Rite Aid Corp. and Albertsons Cos. agreed to scrap a merger that would have helped reshape the U.S. retail and health-care industries, as opposition to the transaction increased before a shareholder vote.
“While we believed in the merits of the combination with Albertsons, we have heard the views expressed by our stockholders and are committed to moving forward and executing our strategic plan as a standalone company,” Rite Aid Chief Executive Officer John Standley said in a statement Wednesday.
Rite Aid canceled a special shareholders meeting scheduled for Thursday and its board is evaluating governance changes at the company. There won’t be a termination fee for either side, according to the statement.
The collapse of the deal is the second time a deal has failed for Rite Aid, after its merger with Walgreens Boots Alliance Inc. last year fell apart. Retailers have been under growing pressure from online competitors, affecting grocers and the corner drugstore alike. The deal would have expanded Albertsons to help it combat companies like Amazon.com Inc. that are increasing their food offerings.
Rite Aid management “will now after multiple attempts to sell the business have to go back to the drawing board, which is likely going to be a heavy lift,” Evercore ISI analyst Ross Muken said. “We see this as exemplifying our belief this was a ‘lose, lose’ scenario.”
In February, Rite Aid agreed to be bought by Albertsons, which is backed by private-equity firm Cerberus Capital Management LP. The transaction would have given Albertsons shareholders ownership of more than 70 percent of the combined company. It also would have given the grocer’s private-equity owners a path to exit their 2006 investment without having to go through an initial public offering in a turbulent market.
In the weeks leading up to the deal, however, two prominent proxy advisers recommended that shareholders vote against it. It “does not appear that Rite Aid shareholders would receive a fair ownership interest in the combined company,” said Institutional Shareholder Services Inc. in a report in late July obtained by Bloomberg.
Glass Lewis & Co. opposed the transaction, saying it would yield no premium for Rite Aid holders. It also said the negotiations “raise significant questions around possible conflicts of interest” as a Rite Aid board member negotiating the deal had “an ongoing outside relationship with Cerberus.”

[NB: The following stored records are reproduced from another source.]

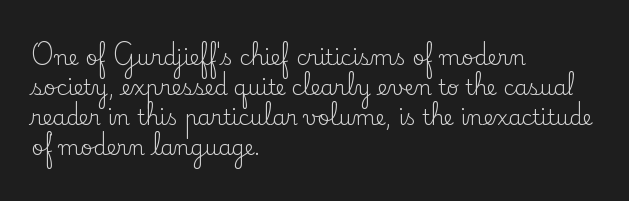
{"italic": "no", "bold": "no", "underline": "no", "align": "left", "line_spacing": "normal", "line_spacing_ratio": 1.43, "letter_spacing": "normal", "letter_spacing_em": 0.0, "glyph_px": 21}
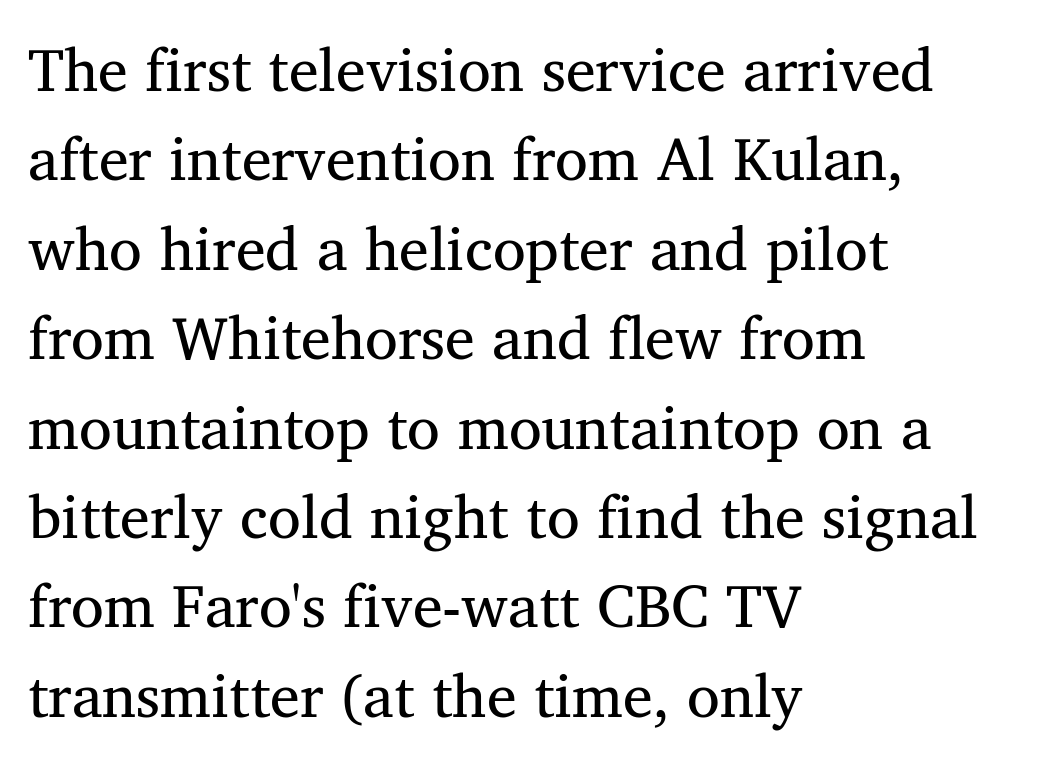
The image shows 60 px regular-weight serif type; set left-aligned, normal line spacing (1.49x), normal letter spacing, not underlined; medium stroke contrast and a medium x-height.
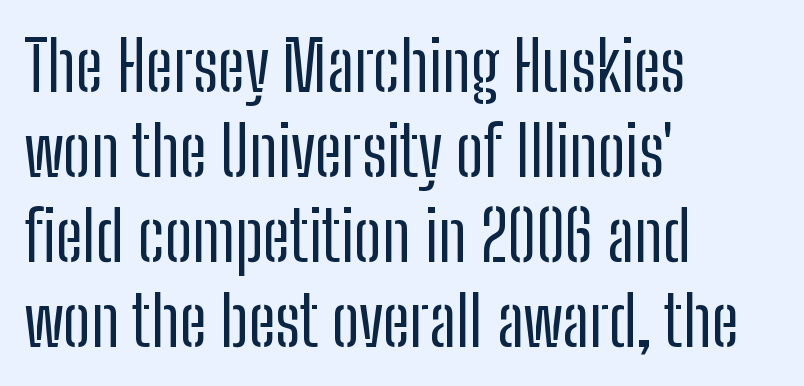
In terms of letterform style, serifs are entirely absent. Compared with a centered layout, this one pins lines to the left instead. Is this a heavy cut? Hardly; it is regular or lighter. Vertical strokes here are truly vertical. Caption: standard tracking, unaltered.

Rite Aid on Monday reduced its full-year earnings projections and said its generic purchasing efficiencies were significantly below its previous experience.
While the prescription drug businesses at pharmacies has been relatively stable, front-of-the-store sales have been in decline. Giant retailers like Walmart Inc. and Amazon.com have been looking to play a bigger role, and the result has been consolidation in the industry. CVS Health Corp. agreed last year to pay about $68 billion for health insurer Aetna Inc.
The Albertsons agreement came after Rite Aid’s failed attempt to sell itself to Walgreens. That merger fell apart last year amid scrutiny by U.S. antitrust authorities. In September, Walgreens won approval to buy 1,932 stores, three distribution centers and related assets for $4.4 billion. The store purchases were completed earlier this year.
The Walgreens deal would have given Rite Aid shareholders at least $6.50 a share in cash. Under the Albertsons deal, Rite Aid shareholders would have gotten at most 18.32 cents a share in stock, plus Albertsons stock. Rite Aid shares closed at $1.74 in New York on Wednesday.